日本の学校給食が、肥満を減らす

世界的な思春期の肥満

 世界的に、思春期の肥満が増加傾向にあります。日本は他国に比べ、思春期の肥満は少ないとの統計が出ています。

日本の学校給食プログラム

 その理由として、適切な栄養基準に基づいた、日本の学校給食プログラムが挙げられるでしょう。同じ食事を学校の全員の生徒が食べる習慣は、思春期の栄養管理に優れた効果を持ち、学校単位で思春期の健康管理ができる効果的な手段です。しかし、これまで、この仮説を支持する明確なエビデンスはありませんでした。

統計による研究結果

 東京大学大学院医学系研究科公衆衛生学のグループは、政府統計の公開データから「2006年から2015年の都道府県レベルの給食実施率」および「県レベルの栄養状態の指標(過体重・肥満・やせの生徒の割合、平均身長、平均体重)」を性・年齢別に抽出しました。

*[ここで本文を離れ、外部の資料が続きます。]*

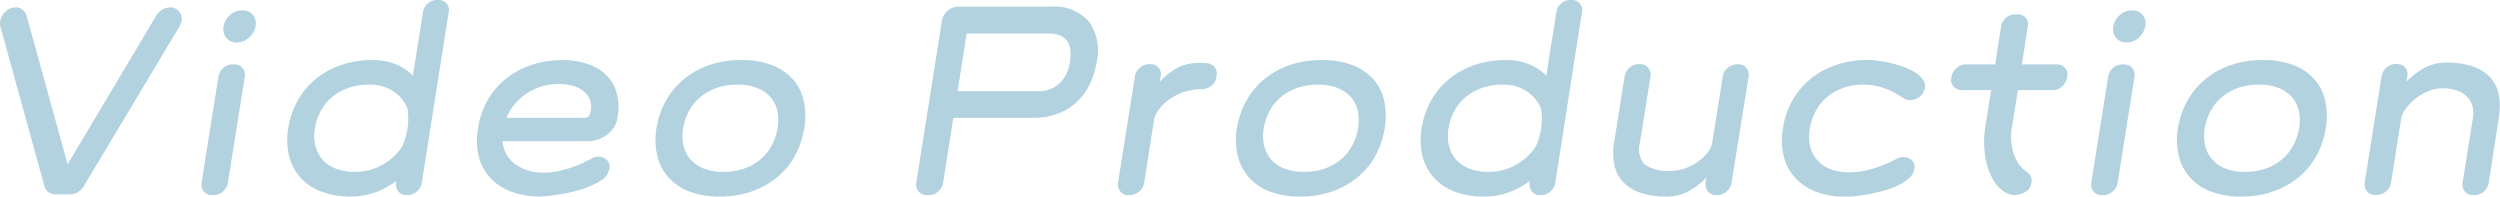 <svg xmlns="http://www.w3.org/2000/svg" width="104.83" height="8.24" viewBox="0 0 104.83 8.24"><path data-name="パス 229" d="M7.615.87q-.02.06-.035.12a.386.386 0 01-.055.12l-4.02 6.71a.65.65 0 01-.24.235.638.638 0 01-.33.095h-.61a.458.458 0 01-.3-.1.469.469 0 01-.16-.24l-1.85-6.7a.448.448 0 010-.23.629.629 0 01.225-.4.634.634 0 01.425-.17.433.433 0 01.285.1.526.526 0 01.165.245l1.72 6.235L6.555.65A.677.677 0 016.8.41a.64.64 0 01.335-.1.461.461 0 01.37.165.486.486 0 01.11.395zm3.1.23a.8.8 0 01-.28.485.758.758 0 01-.5.195.538.538 0 01-.45-.2.569.569 0 01-.11-.475.828.828 0 01.27-.47.735.735 0 01.51-.2.556.556 0 01.45.19.561.561 0 01.11.475zm-1.16 6.57a.585.585 0 01-.2.355.568.568 0 01-.39.155h-.08a.414.414 0 01-.335-.15.44.44 0 01-.1-.36l.71-4.46a.61.61 0 01.21-.365.571.571 0 01.38-.145h.08a.414.414 0 01.335.15.44.44 0 01.1.36zm8.13 0a.57.57 0 01-.205.36.579.579 0 01-.385.15h-.06a.394.394 0 01-.33-.155.481.481 0 01-.1-.355l.01-.08a3.4 3.4 0 01-.88.475 2.9 2.9 0 01-1 .175 3.37 3.37 0 01-1.335-.235 2.216 2.216 0 01-.865-.63 2.131 2.131 0 01-.43-.915 2.931 2.931 0 01-.02-1.08 3.554 3.554 0 01.36-1.09 3.1 3.1 0 01.715-.91 3.455 3.455 0 011.065-.625 3.989 3.989 0 011.42-.235 2.46 2.46 0 01.945.175 2.191 2.191 0 01.725.475l.42-2.66a.57.57 0 01.2-.36.579.579 0 01.39-.15h.06a.435.435 0 01.34.145.408.408 0 01.09.365zm-.59-3.09a1.563 1.563 0 00-.585-.74 1.763 1.763 0 00-1.035-.29 2.538 2.538 0 00-.905.15 2.208 2.208 0 00-.68.4 1.96 1.96 0 00-.455.58 2.335 2.335 0 00-.23.7 1.841 1.841 0 00.01.69 1.375 1.375 0 00.275.585 1.411 1.411 0 00.55.4 2.147 2.147 0 00.855.15 2.246 2.246 0 001.13-.29 2.444 2.444 0 00.82-.74 2.251 2.251 0 00.155-.4 3.51 3.51 0 00.085-.375 2.7 2.7 0 00.03-.59l-.02-.23zm8.8.33a1.028 1.028 0 01-.145.415 1.171 1.171 0 01-.285.315 1.373 1.373 0 01-.385.205 1.312 1.312 0 01-.435.075h-3.57a1.286 1.286 0 00.545.975 2.026 2.026 0 001.2.345 2.849 2.849 0 00.555-.06 4.572 4.572 0 00.54-.14 4.323 4.323 0 00.485-.19q.225-.105.4-.2a.56.56 0 01.28-.08.5.5 0 01.37.14.4.4 0 01.1.37.766.766 0 01-.41.525 3.662 3.662 0 01-.825.355 6.2 6.2 0 01-.93.2 5.593 5.593 0 01-.73.08 3.486 3.486 0 01-1.165-.185 2.321 2.321 0 01-.885-.545 2.044 2.044 0 01-.515-.9 2.843 2.843 0 01-.045-1.23 3.356 3.356 0 01.435-1.235 3.182 3.182 0 01.8-.895 3.475 3.475 0 011.06-.545 4.038 4.038 0 011.225-.185 3.3 3.3 0 011.085.165 2.02 2.02 0 01.78.47 1.683 1.683 0 01.43.75 2.331 2.331 0 01.035 1.005zm-1.12-.3a.816.816 0 00-.075-.51.935.935 0 00-.315-.34 1.347 1.347 0 00-.46-.185 2.416 2.416 0 00-.5-.055 2.468 2.468 0 00-.7.1 2.278 2.278 0 00-.625.29 2.521 2.521 0 00-.51.45 2.072 2.072 0 00-.355.58h3.27a.208.208 0 00.2-.09.685.685 0 00.07-.24zm8.95.77a3.638 3.638 0 01-.355 1.08 3.055 3.055 0 01-.715.915 3.465 3.465 0 01-1.07.63 3.958 3.958 0 01-1.41.235 3.37 3.37 0 01-1.335-.235 2.216 2.216 0 01-.865-.63 2.131 2.131 0 01-.43-.915 2.931 2.931 0 01-.02-1.08 3.5 3.5 0 01.36-1.085 3.189 3.189 0 01.715-.91 3.4 3.4 0 011.065-.63 3.989 3.989 0 011.42-.235 3.4 3.4 0 011.345.235 2.24 2.24 0 01.865.625 2.007 2.007 0 01.42.91 3.142 3.142 0 01.01 1.09zm-1.12 0a1.97 1.97 0 00-.005-.7 1.294 1.294 0 00-.27-.58 1.429 1.429 0 00-.555-.4 2.184 2.184 0 00-.86-.15 2.538 2.538 0 00-.905.15 2.208 2.208 0 00-.68.4 1.939 1.939 0 00-.455.585 2.4 2.4 0 00-.23.695 1.841 1.841 0 00.01.69 1.375 1.375 0 00.275.585 1.411 1.411 0 00.55.4 2.147 2.147 0 00.855.15 2.538 2.538 0 00.905-.15 2.155 2.155 0 00.68-.4 2.024 2.024 0 00.455-.585 2.337 2.337 0 00.23-.69zm13.38-2.77a3.283 3.283 0 01-.315.975 2.5 2.5 0 01-.565.735 2.391 2.391 0 01-.79.46 2.875 2.875 0 01-.97.16h-3.37l-.43 2.73a.585.585 0 01-.2.355.568.568 0 01-.39.155h-.1a.427.427 0 01-.335-.155.422.422 0 01-.1-.355L39.5.85a.668.668 0 01.24-.4.641.641 0 01.42-.17h3.93a1.9 1.9 0 011.565.62 2.094 2.094 0 01.33 1.71zm-1.12 0a2.743 2.743 0 00.025-.435.846.846 0 00-.1-.39.678.678 0 00-.3-.28 1.316 1.316 0 00-.58-.1h-3.375l-.38 2.42h3.37a1.292 1.292 0 00.62-.135 1.267 1.267 0 00.4-.325 1.431 1.431 0 00.225-.395 1.726 1.726 0 00.095-.36zm6.14.62a.531.531 0 01-.125.29.661.661 0 01-.205.15.7.7 0 01-.27.07 2.3 2.3 0 00-.795.13 2.384 2.384 0 00-.615.325 1.881 1.881 0 00-.415.415 1.007 1.007 0 00-.185.4l-.42 2.66a.563.563 0 01-.21.36.585.585 0 01-.38.15h-.07a.414.414 0 01-.335-.15.44.44 0 01-.1-.36l.71-4.47a.609.609 0 01.21-.365.571.571 0 01.38-.145h.06a.428.428 0 01.34.15.406.406 0 01.09.36l-.04.23a3.062 3.062 0 01.775-.605 1.964 1.964 0 01.9-.185h.14a1.213 1.213 0 01.15.01.474.474 0 01.33.16.421.421 0 01.09.35zm7.06 2.15a3.637 3.637 0 01-.355 1.08 3.055 3.055 0 01-.715.915 3.465 3.465 0 01-1.07.63 3.958 3.958 0 01-1.41.235 3.37 3.37 0 01-1.335-.235 2.216 2.216 0 01-.865-.63 2.131 2.131 0 01-.43-.915 2.931 2.931 0 01-.02-1.08 3.5 3.5 0 01.36-1.085 3.189 3.189 0 01.715-.91 3.4 3.4 0 011.065-.63 3.989 3.989 0 011.42-.235 3.4 3.4 0 011.345.235 2.24 2.24 0 01.865.625 2.007 2.007 0 01.42.91 3.142 3.142 0 01.01 1.09zm-1.12 0a1.97 1.97 0 00-.005-.7 1.294 1.294 0 00-.27-.58 1.429 1.429 0 00-.555-.4 2.184 2.184 0 00-.86-.15 2.538 2.538 0 00-.9.15 2.208 2.208 0 00-.68.4 1.939 1.939 0 00-.455.585 2.4 2.4 0 00-.23.695 1.841 1.841 0 00.01.69 1.375 1.375 0 00.275.585 1.411 1.411 0 00.55.4 2.147 2.147 0 00.855.15 2.538 2.538 0 00.905-.15 2.155 2.155 0 00.68-.4 2.024 2.024 0 00.455-.585 2.337 2.337 0 00.225-.69zm8.27 2.29a.57.57 0 01-.205.36.579.579 0 01-.385.15h-.06a.394.394 0 01-.33-.155.481.481 0 01-.1-.355l.01-.08a3.4 3.4 0 01-.88.475 2.9 2.9 0 01-1 .175 3.37 3.37 0 01-1.34-.235 2.216 2.216 0 01-.865-.63 2.131 2.131 0 01-.43-.915 2.931 2.931 0 01-.02-1.08 3.554 3.554 0 01.36-1.09 3.1 3.1 0 01.715-.91 3.455 3.455 0 011.065-.625 3.989 3.989 0 011.42-.235 2.46 2.46 0 01.945.175 2.191 2.191 0 01.725.475l.42-2.66a.57.57 0 01.2-.36.579.579 0 01.385-.15h.06a.435.435 0 01.34.145.408.408 0 01.09.365zm-.59-3.09a1.563 1.563 0 00-.585-.74 1.763 1.763 0 00-1.035-.29 2.538 2.538 0 00-.9.15 2.208 2.208 0 00-.68.4 1.96 1.96 0 00-.455.58 2.335 2.335 0 00-.23.7 1.841 1.841 0 00.01.69 1.375 1.375 0 00.275.585 1.411 1.411 0 00.55.4 2.147 2.147 0 00.855.15 2.246 2.246 0 001.13-.29 2.444 2.444 0 00.82-.74 2.251 2.251 0 00.155-.4 3.509 3.509 0 00.085-.375 2.7 2.7 0 00.03-.59q-.015-.12-.025-.23zm7.98 3.09a.609.609 0 01-.21.365.571.571 0 01-.38.145h-.06a.414.414 0 01-.335-.15.44.44 0 01-.1-.36l.03-.22a3.06 3.06 0 01-.75.57 1.873 1.873 0 01-.9.22 3.337 3.337 0 01-1.165-.175 1.705 1.705 0 01-.72-.485 1.531 1.531 0 01-.335-.725 2.606 2.606 0 01.005-.895l.44-2.76a.61.61 0 01.21-.365.571.571 0 01.38-.145h.06a.414.414 0 01.335.15.44.44 0 01.1.36l-.44 2.76a1 1 0 00.175.92 1.682 1.682 0 001.145.28 1.667 1.667 0 00.57-.1 2.218 2.218 0 00.53-.275 1.969 1.969 0 00.41-.385.9.9 0 00.2-.435l.44-2.76a.563.563 0 01.21-.36.586.586 0 01.38-.15h.06a.414.414 0 01.335.15.44.44 0 01.1.36zm8.11-3.98a.578.578 0 01-.22.37.65.65 0 01-.41.14.43.43 0 01-.26-.08q-.14-.09-.31-.19a2.882 2.882 0 00-.38-.185 2.911 2.911 0 00-.455-.14 2.393 2.393 0 00-.525-.055 2.456 2.456 0 00-.955.17 2.187 2.187 0 00-.68.435 2.008 2.008 0 00-.43.6 2.393 2.393 0 00-.205.66 1.934 1.934 0 000 .62 1.348 1.348 0 00.24.585 1.4 1.4 0 00.54.435 2.037 2.037 0 00.89.17 3.042 3.042 0 00.545-.05 4.052 4.052 0 00.535-.135 5.086 5.086 0 00.485-.185q.225-.1.4-.19a.56.56 0 01.28-.08.5.5 0 01.37.14.4.4 0 01.1.37.618.618 0 01-.21.365 1.911 1.911 0 01-.44.3 3.282 3.282 0 01-.58.22q-.32.09-.625.15t-.58.09a4.29 4.29 0 01-.445.03 3.53 3.53 0 01-1.17-.185 2.316 2.316 0 01-.895-.555 2.044 2.044 0 01-.515-.9 2.843 2.843 0 01-.045-1.23 3.31 3.31 0 01.44-1.245 3.214 3.214 0 01.81-.9 3.453 3.453 0 011.065-.54 4.108 4.108 0 011.215-.18 3.606 3.606 0 01.465.035 5.451 5.451 0 01.54.1 4.643 4.643 0 01.545.165 2.374 2.374 0 01.47.23 1.158 1.158 0 01.315.29.457.457 0 01.085.355zm5.96-.42a.647.647 0 01-.21.355.55.55 0 01-.38.155h-1.47l-.24 1.48a2.349 2.349 0 000 .955 2.223 2.223 0 00.235.605 1.336 1.336 0 00.41.41.436.436 0 01.16.45.5.5 0 01-.265.375.928.928 0 01-.46.125.857.857 0 01-.46-.175 1.5 1.5 0 01-.46-.545 3.02 3.02 0 01-.295-.925 4.162 4.162 0 01.025-1.325l.23-1.43h-1.24a.427.427 0 01-.335-.155.4.4 0 01-.1-.355l.01-.06a.617.617 0 01.215-.36.567.567 0 01.375-.15h1.24l.25-1.59a.586.586 0 01.215-.37A.59.59 0 0184.5.6h.1a.447.447 0 01.335.14.4.4 0 01.095.37l-.25 1.59h1.47a.428.428 0 01.34.15.406.406 0 01.09.36zm3.28-2.17a.8.8 0 01-.28.485.758.758 0 01-.5.195.538.538 0 01-.45-.2.569.569 0 01-.11-.475.828.828 0 01.27-.47.735.735 0 01.51-.2.556.556 0 01.45.19.561.561 0 01.11.475zm-1.16 6.57a.585.585 0 01-.205.355.568.568 0 01-.385.155h-.08a.414.414 0 01-.335-.15.44.44 0 01-.1-.36l.71-4.46a.609.609 0 01.21-.365.571.571 0 01.38-.145h.08a.414.414 0 01.335.15.44.44 0 01.1.36zm8.73-2.29a3.637 3.637 0 01-.355 1.08 3.055 3.055 0 01-.715.915 3.465 3.465 0 01-1.07.63 3.958 3.958 0 01-1.41.235 3.37 3.37 0 01-1.335-.235 2.216 2.216 0 01-.865-.63 2.131 2.131 0 01-.43-.915 2.931 2.931 0 01-.02-1.08 3.5 3.5 0 01.36-1.085 3.189 3.189 0 01.715-.91 3.4 3.4 0 011.065-.63 3.989 3.989 0 011.42-.235 3.4 3.4 0 011.345.235 2.24 2.24 0 01.865.625 2.007 2.007 0 01.42.91 3.142 3.142 0 01.01 1.09zm-1.12 0a1.97 1.97 0 00-.005-.7 1.294 1.294 0 00-.27-.58 1.429 1.429 0 00-.555-.4 2.184 2.184 0 00-.86-.15 2.538 2.538 0 00-.9.15 2.208 2.208 0 00-.68.4 1.939 1.939 0 00-.455.585 2.4 2.4 0 00-.23.695 1.841 1.841 0 00.01.69 1.375 1.375 0 00.275.585 1.411 1.411 0 00.55.4 2.147 2.147 0 00.855.15 2.538 2.538 0 00.9-.15 2.155 2.155 0 00.68-.4 2.024 2.024 0 00.455-.585 2.338 2.338 0 00.23-.69zm7.95 2.29a.609.609 0 01-.21.365.571.571 0 01-.38.145h-.07a.414.414 0 01-.335-.15.44.44 0 01-.1-.36l.44-2.76a1.16 1.16 0 00-.01-.4.878.878 0 00-.185-.39 1.045 1.045 0 00-.415-.3 1.805 1.805 0 00-.7-.115 1.484 1.484 0 00-.57.12 2.211 2.211 0 00-.53.31 2.217 2.217 0 00-.41.42.99.99 0 00-.2.45l-.42 2.66a.563.563 0 01-.21.36.586.586 0 01-.38.15h-.08a.414.414 0 01-.335-.15.44.44 0 01-.1-.36l.71-4.47a.609.609 0 01.21-.365.571.571 0 01.38-.145h.06a.428.428 0 01.34.15.406.406 0 01.09.36l-.04.23a3.112 3.112 0 01.76-.58 1.873 1.873 0 01.9-.22 3.337 3.337 0 011.165.175 1.705 1.705 0 01.725.485 1.493 1.493 0 01.33.725 2.874 2.874 0 010 .895z" fill="#b2d2e0"/></svg>

その結果、県レベルで給食実施率が10%増すごとに、翌年の過体重の割合は0.37%、肥満の割合は0.23%、男子において低下していました。女子においても過体重、肥満ともに減少傾向が見られましたが、統計学的に有意な結果ではありませんでした。その理由として、現在の日本の若年女性がやせ傾向にあることが挙げられます。思春期の女子が体型を気にして、もともとの食べる量が少なければ、給食による摂取カロリー抑制効果が小さくなる可能性があるからです。

肥満と生活習慣病の防止

 先進国、途上国を含め、思春期の肥満は世界でここ数十年、増加傾向にあります。思春期の過体重、肥満は将来的な肥満や生活習慣病、死亡率にも影響する恐れがあります。成人の肥満や肥満関連の疾病予防のため、思春期の肥満防止は有効なものと言われています。思春期は学校に通う年齢であり、学校単位の介入が効果的な対策となるでしょう。日本では肥満率が歴史的に低く、以前から給食が肥満の防止に役立っていると言われながら、明確なエビデンスとして立証されていませんでした。

学校給食が果たすグローバルな役割

 これまで、米国の低所得者向け給食プログラムの効果が研究対象となっていましたが、肥満予防効果は示されていませんでした。日本の給食が過体重・肥満を減らす効果を、実際にサンプルを用いて検証したのはこれが初めてとなります。研究の結果、思春期の肥満を減らすために学校給食が効果的であると示されたことになります。先進国だけでなく、途上国でも、思春期の肥満の増加は重大な問題となっており、学校給食を介した栄養提供はグローバルな視点からも思春期の肥満を減らす有効な手段として考えられるでしょう。